È un’interpretazione questa che piace molto anche agli sceneggiatori Logan Sparks e Drago Sumonja. “la tartaruga fa parte, in fondo, della risposta che si dà Lucky rispetto alla morte - sottolinea Sparks - lui non cambia idea per disperazione, rimane fedele a quel cinismo buono che lo ha accompagnato per tutta la vita, quella che muta è la sua posizione. La tartaruga e il cactus sono, in questo film, gli elementi più duraturi. Volevamo rappresentassero quasi l’eternità, come una pietra o un fossile; ma anche gli elementi della natura si trasformano, solo che il processo è più lento”. Come a dire che sembra impossibile che una tartaruga riesca a scappare ma invece poi capita? “Certo – dice il regista – l’eternità è un’illusione, niente rimane fermo e il finale ce lo spiega in fondo”. 

Carrol Lynch racconta inoltre che il cast del film si è quasi formato da solo quando si è saputo che il protagonista sarebbe stato Stanton. Lo stesso David Lynch ha messo da parte tutti gli impegni lavorativi per poter recitare al suo fianco “è un film che solo Harry Dean Stanton avrebbe potuto interpretare… perché racchiude la sua vita, è un omaggio alla sua arte ma anche al suo modo di vivere.
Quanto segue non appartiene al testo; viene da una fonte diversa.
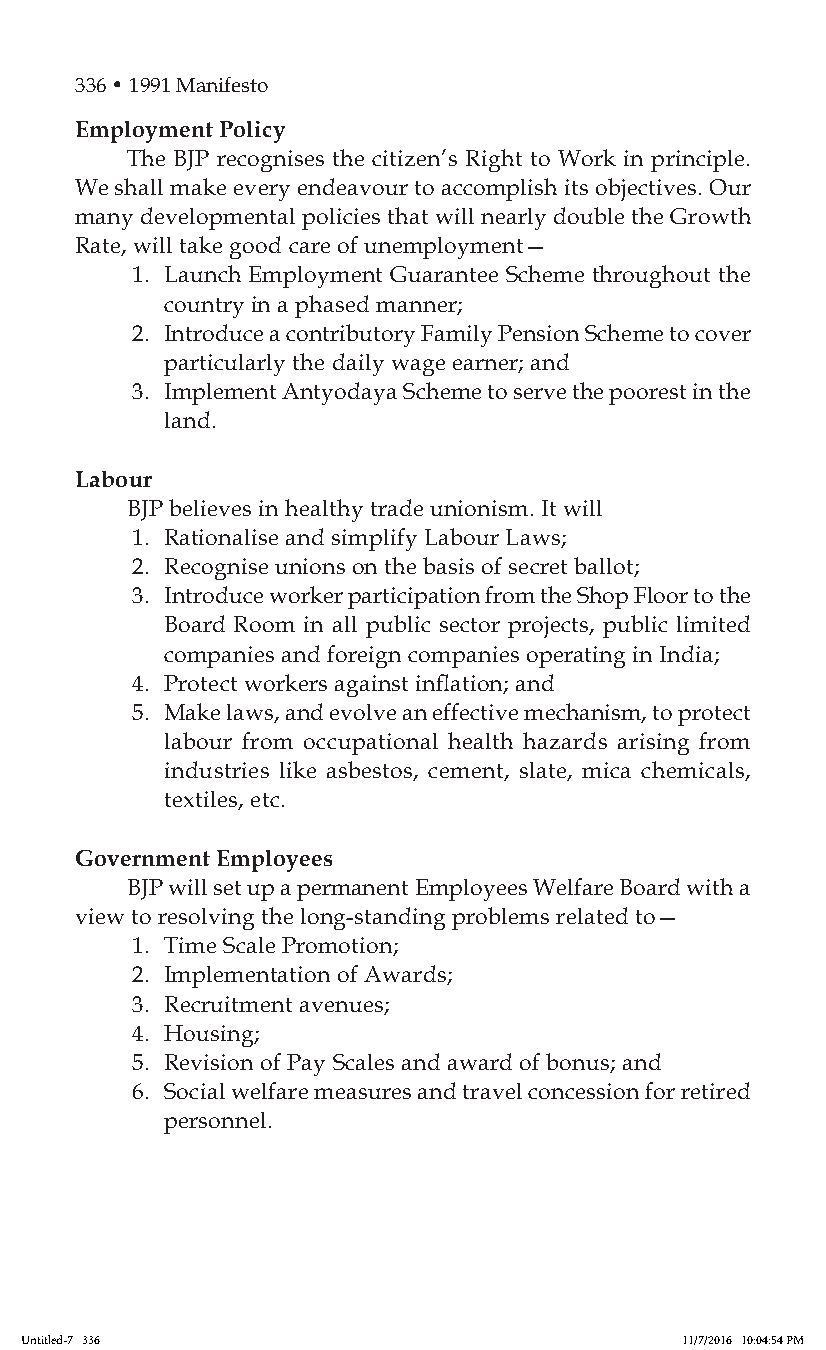
336 • 1991 Manifesto
 Employment Policy
 The BJP recognises the citizen’s Right to Work in principle.
 We shall make every endeavour to accomplish its objectives. Our
 many developmental policies that will nearly double the Growth
 Rate, will take good care of unemployment—
 1. Launch Employment Guarantee Scheme throughout the
 country in a phased manner;
 2. Introduce a contributory Family Pension Scheme to cover
 particularly the daily wage earner; and
 3. Implement Antyodaya Scheme to serve the poorest in the
 land.
 Labour
 BJP believes in healthy trade unionism. It will
 1. Rationalise and simplify Labour Laws;
 2. Recognise unions on the basis of secret ballot;
 3. Introduce worker participation from the Shop Floor to the
 Board Room in all public sector projects, public limited
 companies and foreign companies operating in India;
 4. Protect workers against inflation; and
 5. Make laws, and evolve an effective mechanism, to protect
 labour from occupational health hazards arising from
 industries like asbestos, cement, slate, mica chemicals,
 textiles, etc.
 Government Employees
 BJP will set up a permanent Employees Welfare Board with a
 view to resolving the long-standing problems related to—
 1. Time Scale Promotion;
 2. Implementation of Awards;
 3. Recruitment avenues;
 4. Housing;
 5. Revision of Pay Scales and award of bonus; and
 6. Social welfare measures and travel concession for retired
 personnel.
 Untitled-7 336                              11/7/2016 10:04:54 PM

La sceneggiatura e i dialoghi sono tutti pensati con lui, sono ricchi di momenti in cui il personaggio coincide con la persona, come quelli in cui canta o quando sorride e guarda in macchina, verso il finale: quello è proprio un momento rubato. Stavamo camminando nel deserto e lui si è girato e ci ha disarmati con quel sorriso, che, lo abbiamo capito subito, era anche quello di Lucky”. Ma Harry Dean Stanton invece? Ha accettato subito o ha avuto dei dubbi? “Abbiamo dovuto convincerlo: Harry è un maestro zen, dice sempre: Mi piace non fare niente e poi riposarmi”.